## PROBLEM TO SOLVE
Without including the pictures, copy out every line below.

INFORMATION: Begin

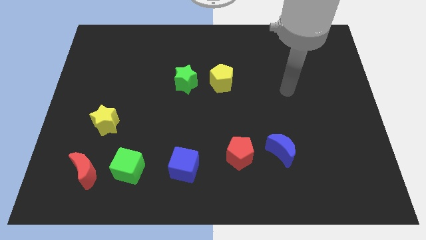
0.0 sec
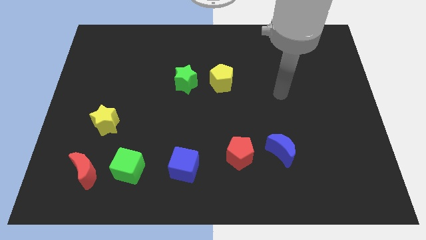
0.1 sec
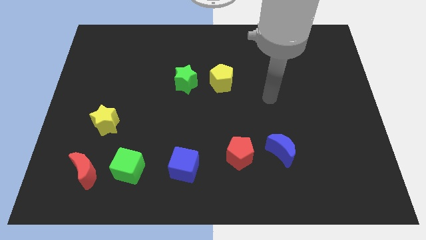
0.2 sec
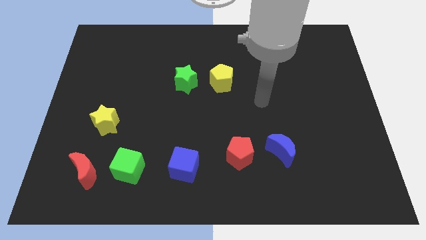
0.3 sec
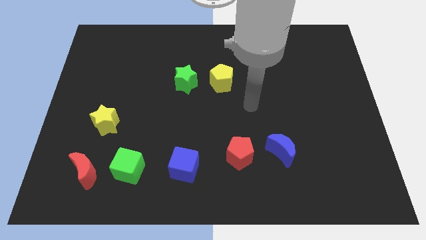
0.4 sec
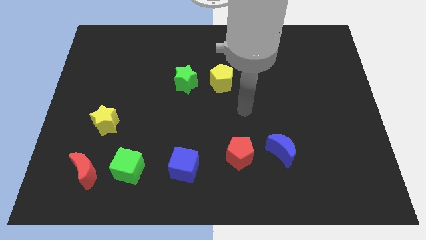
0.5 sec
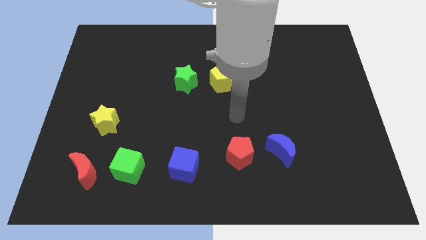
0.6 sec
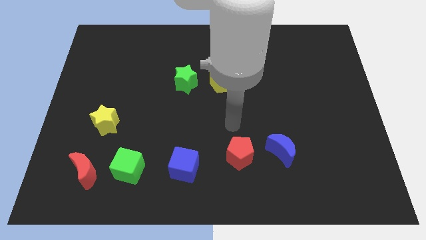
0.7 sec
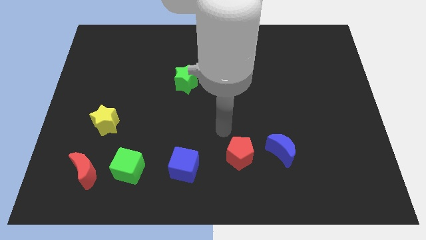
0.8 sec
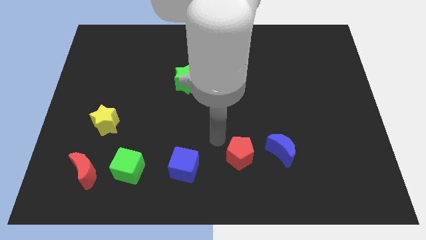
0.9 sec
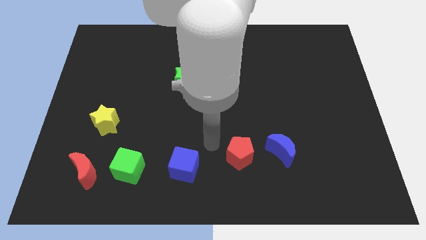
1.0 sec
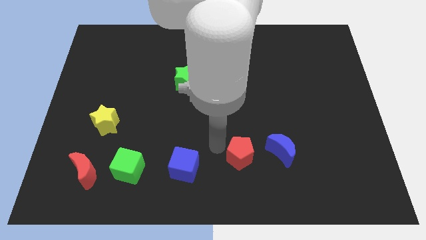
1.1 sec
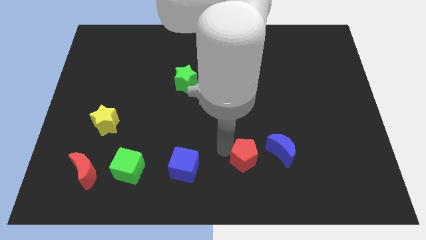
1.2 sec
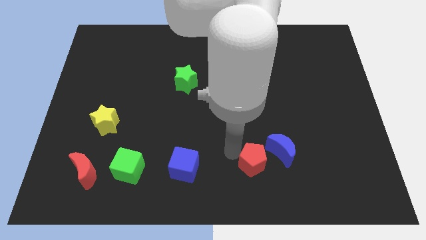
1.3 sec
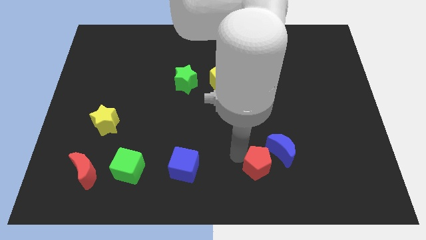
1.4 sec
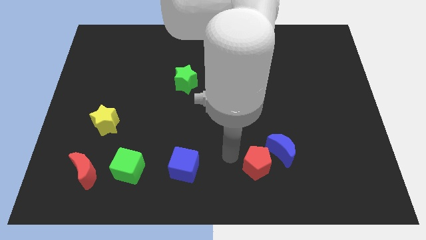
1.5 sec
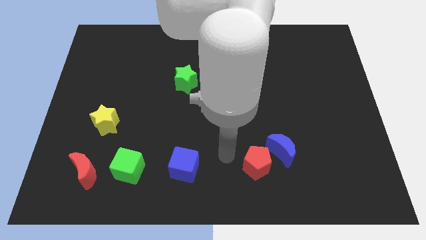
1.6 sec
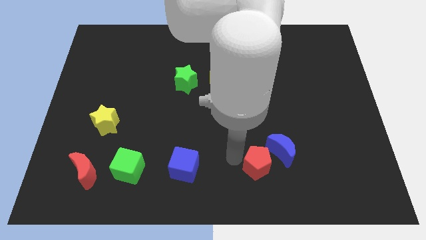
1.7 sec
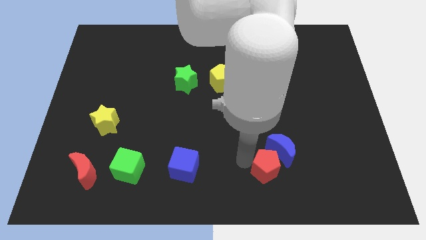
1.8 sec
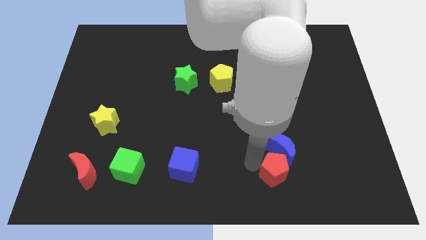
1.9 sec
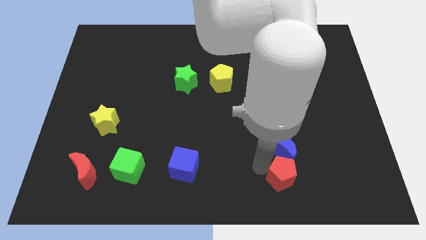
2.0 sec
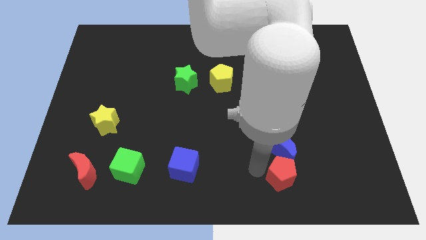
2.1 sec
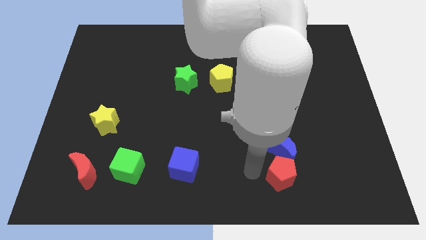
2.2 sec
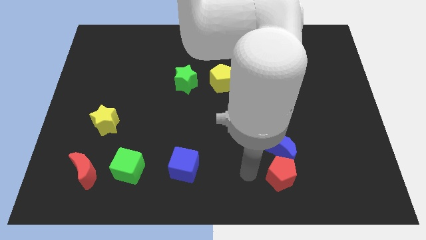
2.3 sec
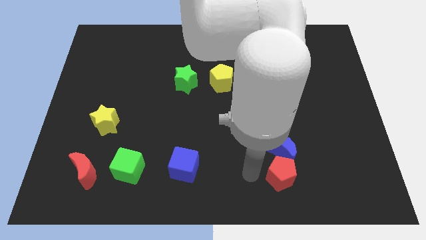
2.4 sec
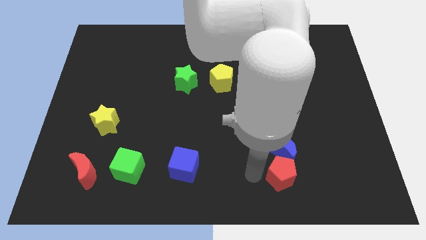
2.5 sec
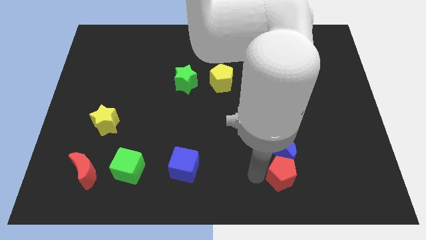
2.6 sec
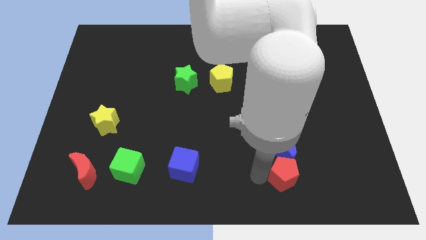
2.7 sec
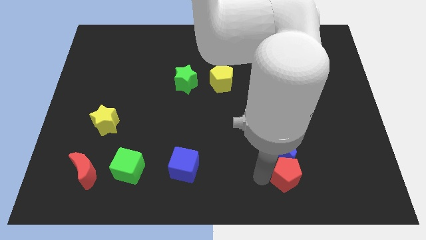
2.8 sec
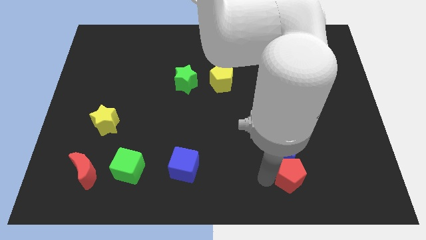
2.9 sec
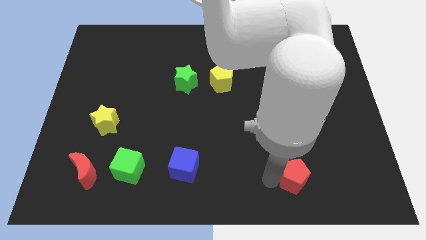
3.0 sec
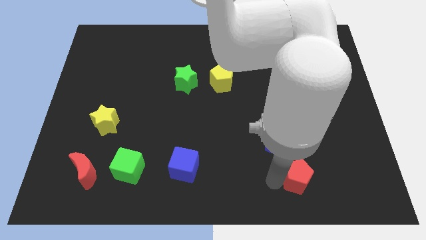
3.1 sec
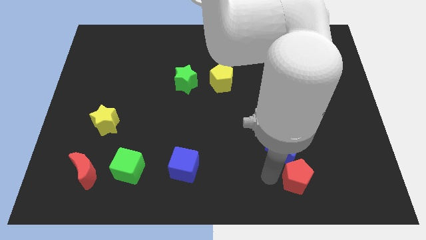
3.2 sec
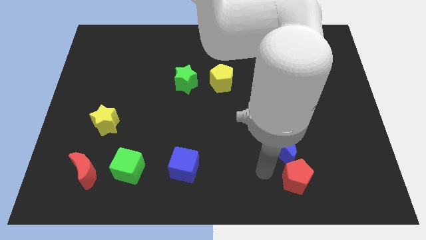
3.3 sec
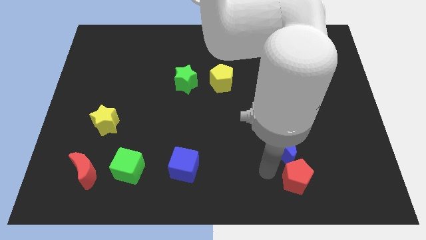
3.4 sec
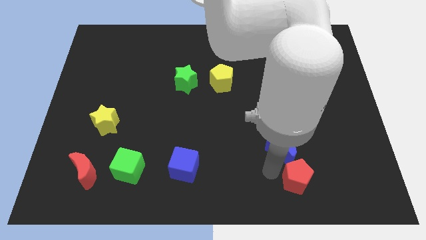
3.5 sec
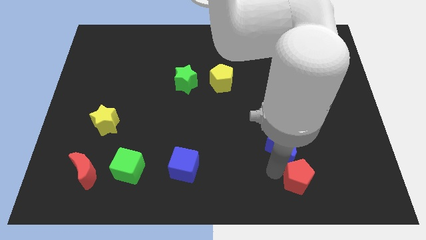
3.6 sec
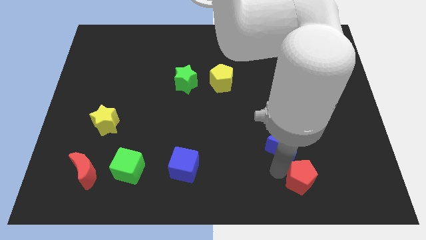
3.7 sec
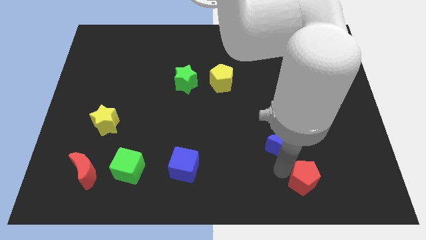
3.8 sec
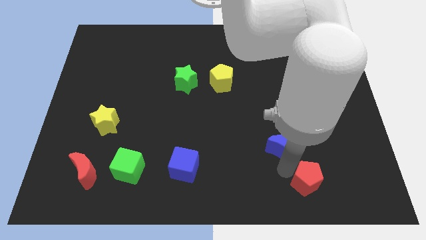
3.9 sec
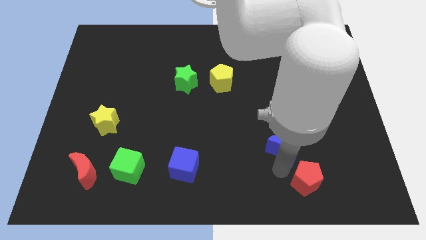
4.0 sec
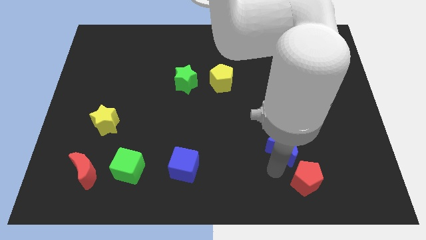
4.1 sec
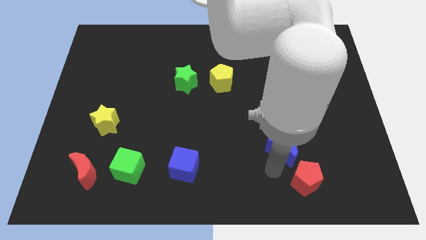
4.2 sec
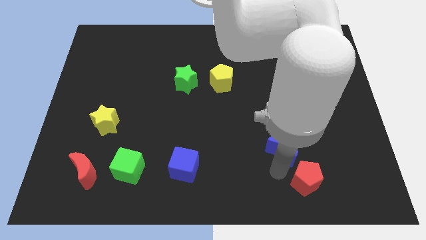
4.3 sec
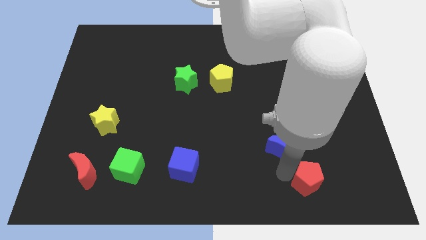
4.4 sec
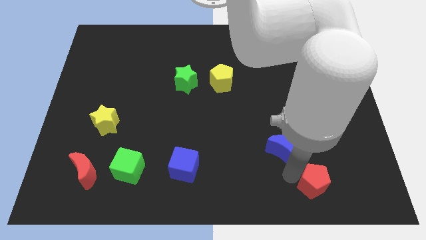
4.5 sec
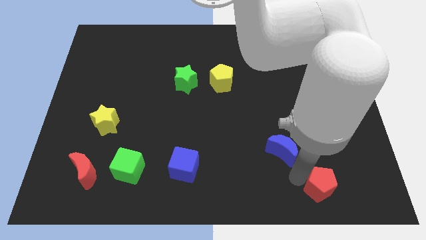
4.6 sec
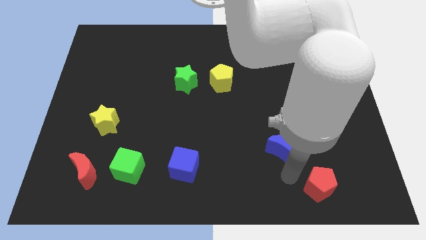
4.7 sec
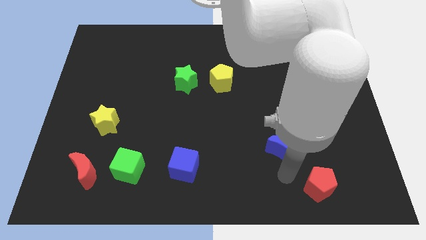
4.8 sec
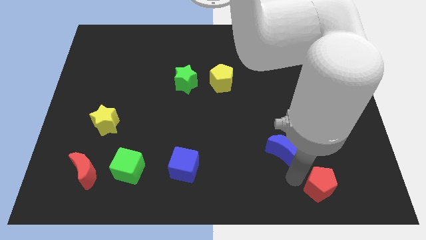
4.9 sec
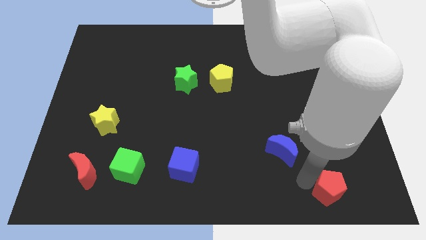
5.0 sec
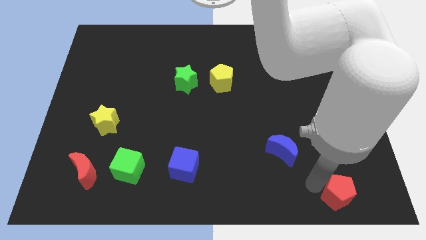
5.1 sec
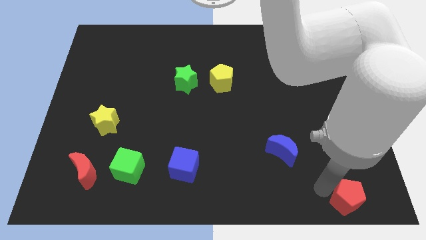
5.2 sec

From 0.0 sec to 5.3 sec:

INFORMATION: End

## EXERCISE OUTPUT
0.0 sec
0.1 sec
0.2 sec
0.3 sec
0.4 sec
0.5 sec
0.6 sec
0.7 sec
0.8 sec
0.9 sec
1.0 sec
1.1 sec
1.2 sec
1.3 sec
1.4 sec
1.5 sec
1.6 sec
1.7 sec
1.8 sec
1.9 sec
2.0 sec
2.1 sec
2.2 sec
2.3 sec
2.4 sec
2.5 sec
2.6 sec
2.7 sec
2.8 sec
2.9 sec
3.0 sec
3.1 sec
3.2 sec
3.3 sec
3.4 sec
3.5 sec
3.6 sec
3.7 sec
3.8 sec
3.9 sec
4.0 sec
4.1 sec
4.2 sec
4.3 sec
4.4 sec
4.5 sec
4.6 sec
4.7 sec
4.8 sec
4.9 sec
5.0 sec
5.1 sec
5.2 sec

From 0.0 sec to 5.3 sec:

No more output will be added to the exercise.